The European Central Bank (ECB) will meet this week to address interest rates and ways to improve the economy, but monetary policy tools won’t save Europe, says Robert Zoellick, former head of the World Bank.
ECB President Mario Draghi has said he’s prepared to do whatever it takes to defend the euro, including cutting interest rates and making low-cost loans available to banks, the latter tool known as a long-term refinancing operation that aims to spur lending.
Bond yields have soared to over 7.7 percent in Spanish government debt auctions recently, well above a 7 percent threshold deemed unsustainable by the markets, suggesting that investors feel the country needs a bail out.
Calls for ECB action are growing.
Still, Zoellick says, structural reforms are needed that pay down debts while fostering as much growth as possible.
“Monetary policy fundamentally buys time. It doesn’t deal with the fundamentals,” Zoellick tells CNBC.
“They have to make reforms. The Germans are right, they (Spain and Italy) have to fix their fiscal situation, but also structural reforms for competitiveness,” he adds.

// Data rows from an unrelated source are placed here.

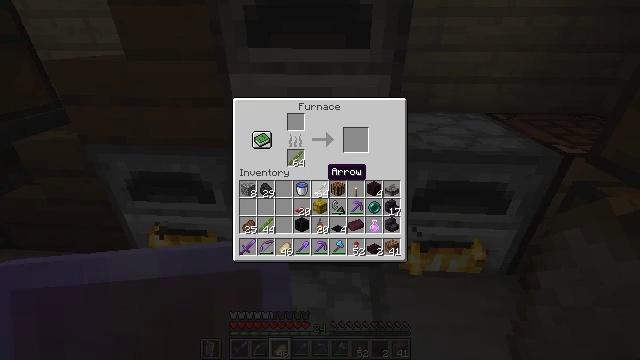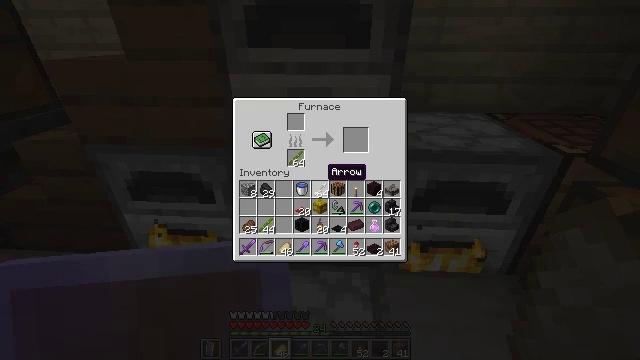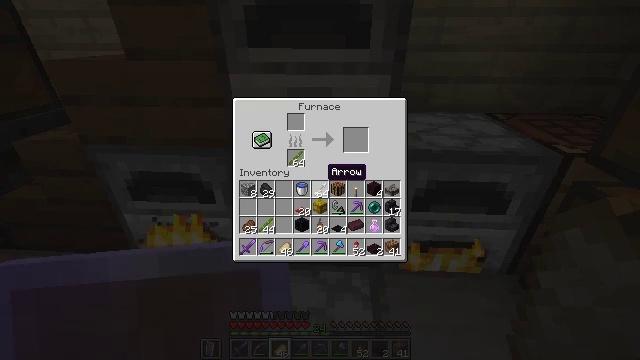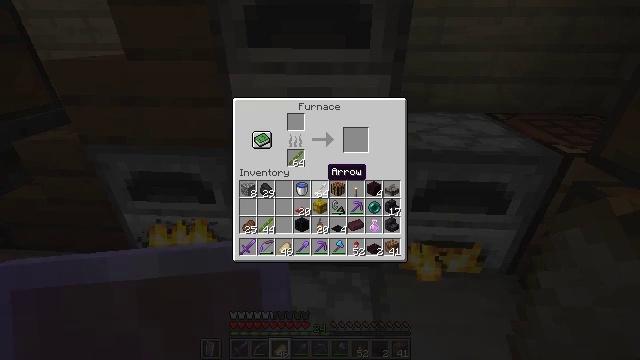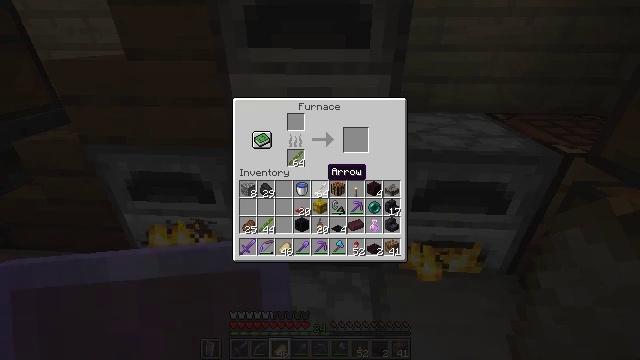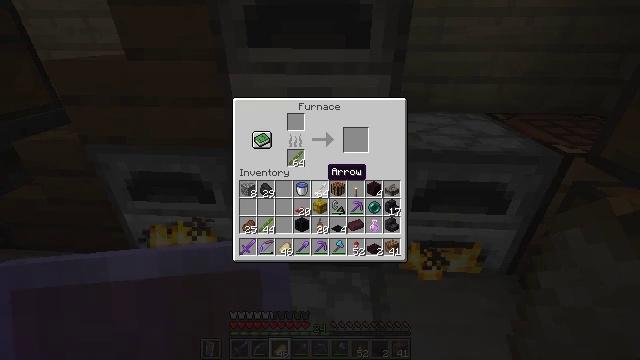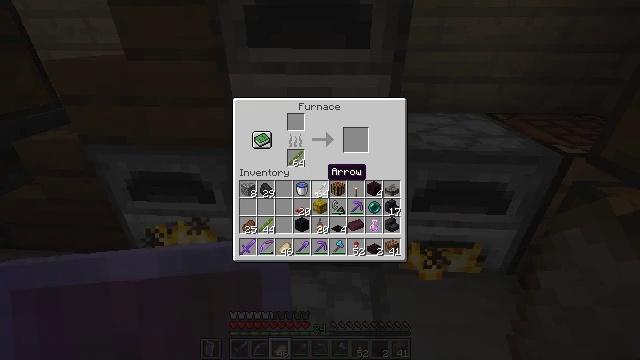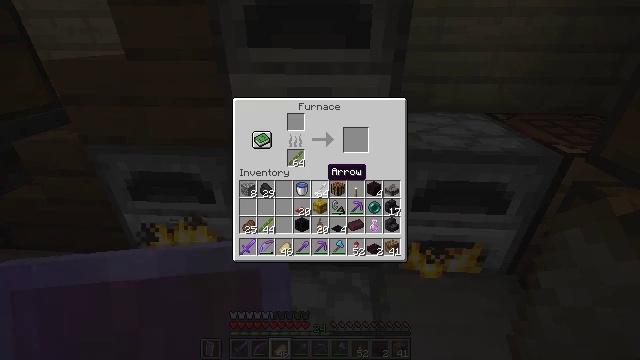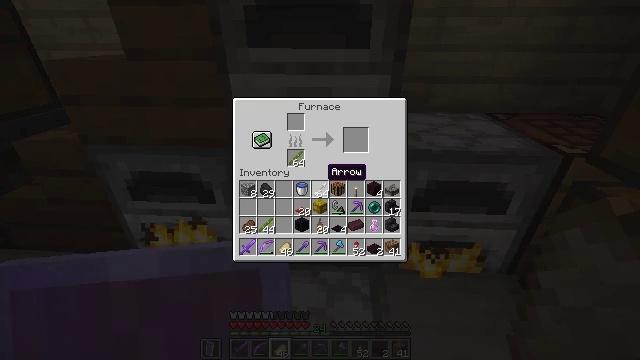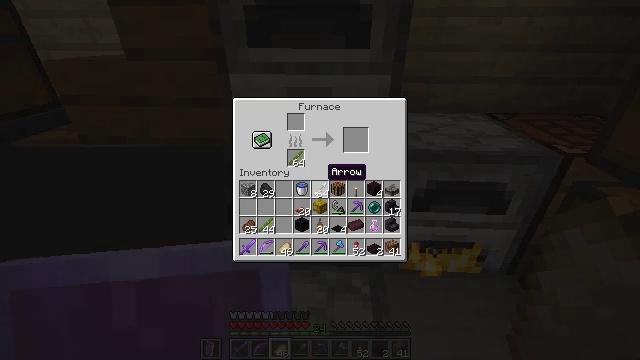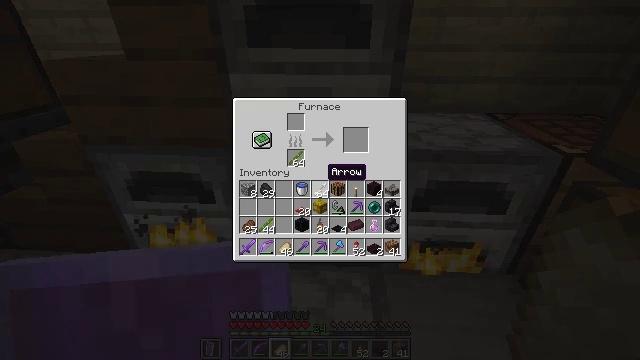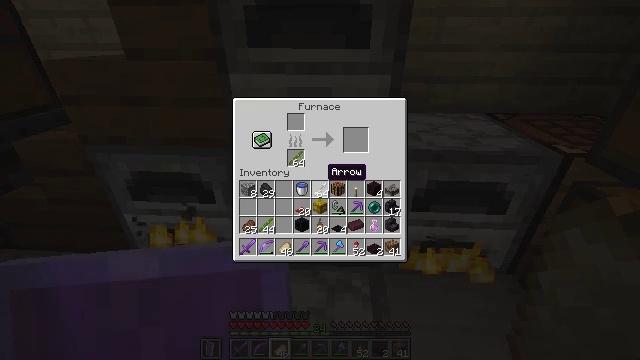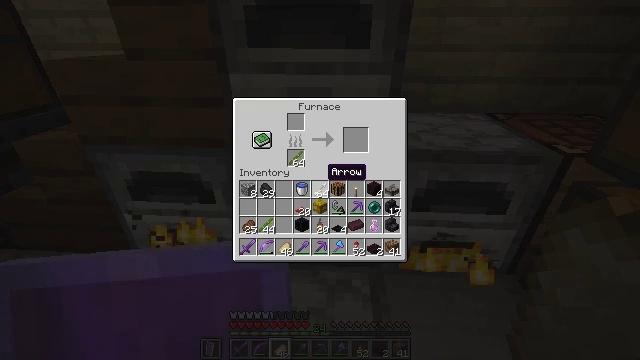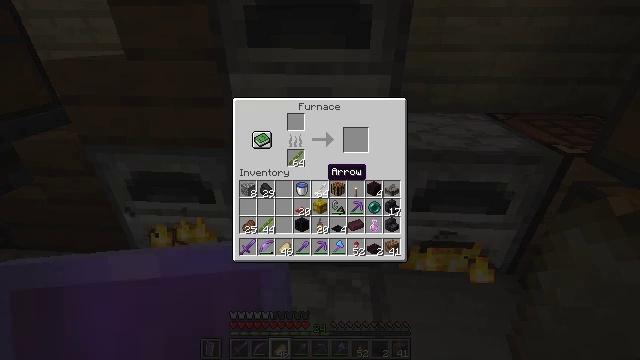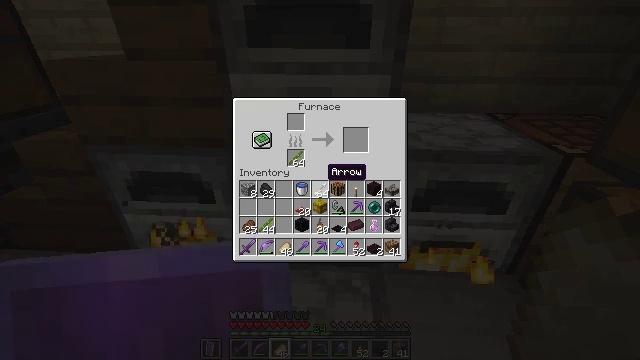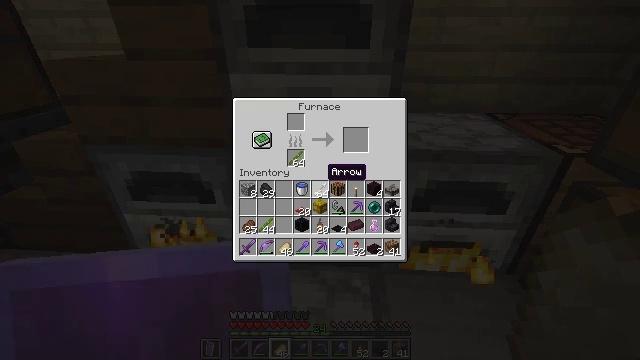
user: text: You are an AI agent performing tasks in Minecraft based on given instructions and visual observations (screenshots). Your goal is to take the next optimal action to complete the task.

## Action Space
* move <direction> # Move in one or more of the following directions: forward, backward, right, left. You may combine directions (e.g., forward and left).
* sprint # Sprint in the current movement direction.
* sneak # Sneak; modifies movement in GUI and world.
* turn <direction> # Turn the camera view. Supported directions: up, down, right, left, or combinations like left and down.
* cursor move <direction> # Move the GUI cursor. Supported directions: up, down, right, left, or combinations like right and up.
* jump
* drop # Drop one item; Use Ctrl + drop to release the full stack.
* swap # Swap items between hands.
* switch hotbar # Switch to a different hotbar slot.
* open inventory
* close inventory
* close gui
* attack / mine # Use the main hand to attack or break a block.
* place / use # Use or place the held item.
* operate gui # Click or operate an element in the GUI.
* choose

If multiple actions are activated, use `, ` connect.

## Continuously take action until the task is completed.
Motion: motion action
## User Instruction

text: Obtain nether brick by smelting netherrack.
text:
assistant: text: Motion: no_op
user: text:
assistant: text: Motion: no_op
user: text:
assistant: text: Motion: no_op
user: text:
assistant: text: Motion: no_op
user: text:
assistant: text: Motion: no_op
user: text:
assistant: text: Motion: no_op
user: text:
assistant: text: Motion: no_op
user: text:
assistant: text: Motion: no_op
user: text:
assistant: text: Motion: no_op
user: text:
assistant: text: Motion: no_op
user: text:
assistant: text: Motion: no_op
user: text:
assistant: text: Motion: no_op
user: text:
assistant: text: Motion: no_op
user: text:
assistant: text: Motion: no_op
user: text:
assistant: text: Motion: no_op
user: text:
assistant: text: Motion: no_op
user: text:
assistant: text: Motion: no_op
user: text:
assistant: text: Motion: no_op
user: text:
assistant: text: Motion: no_op
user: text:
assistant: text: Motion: no_op
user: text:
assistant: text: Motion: no_op
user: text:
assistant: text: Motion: no_op
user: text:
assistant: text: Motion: no_op
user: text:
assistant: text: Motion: no_op
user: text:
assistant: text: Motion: no_op
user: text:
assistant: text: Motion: no_op
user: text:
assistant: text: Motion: no_op
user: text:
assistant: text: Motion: no_op
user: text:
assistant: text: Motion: no_op
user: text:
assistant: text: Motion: no_op

Other proposals aiming to keep financing available for debt-ridden southern European countries include making more rescue funding available from the continent’s bailout fund, the European Stability Mechanism, as well as the issue of a single bond backed by all eurozone nations, known widely as a Euro Bond.
Germany has resisted the idea of participating in a single bond issue on the notion that it would be asking its taxpayers to shoulder debt burdens of other countries and raise interest rates at home.
The United States, meanwhile, is in little position to help, as it is facing a sharp fiscal adjustment at home.
At the end of the year, tax breaks are scheduled to expire while automatic cuts to fiscal spending kick in, a combination known as the fiscal cliff, which could send the country back into recession in 2013.
“The tendency is to kick the can down the path and maintain the status quo through inaction. That won’t work this time,” Zoellick says regarding the looming fiscal cliff.
“There’s over a trillion dollars in spending cuts that will be made in defense and non-defense unless you act,” he explains.
The European debt crisis has seriously hampered business for many global companies, including those based in the United States and elsewhere, such as in Brazil and China.
“The new reality is that this world is not in a normal growth mode,” Dow Chemical Chief Executive Officer Andrew Liveris said recently, according to The Associated Press.
“And it does not appear that we will see this for at least 12 to 24 months,” he noted.
Other CEOs have voiced similar concerns.
“The steady drumbeat of negative news emanating out of Europe is certainly having an impact,” Royal Caribbean CEO Richard Fain said, the AP reported.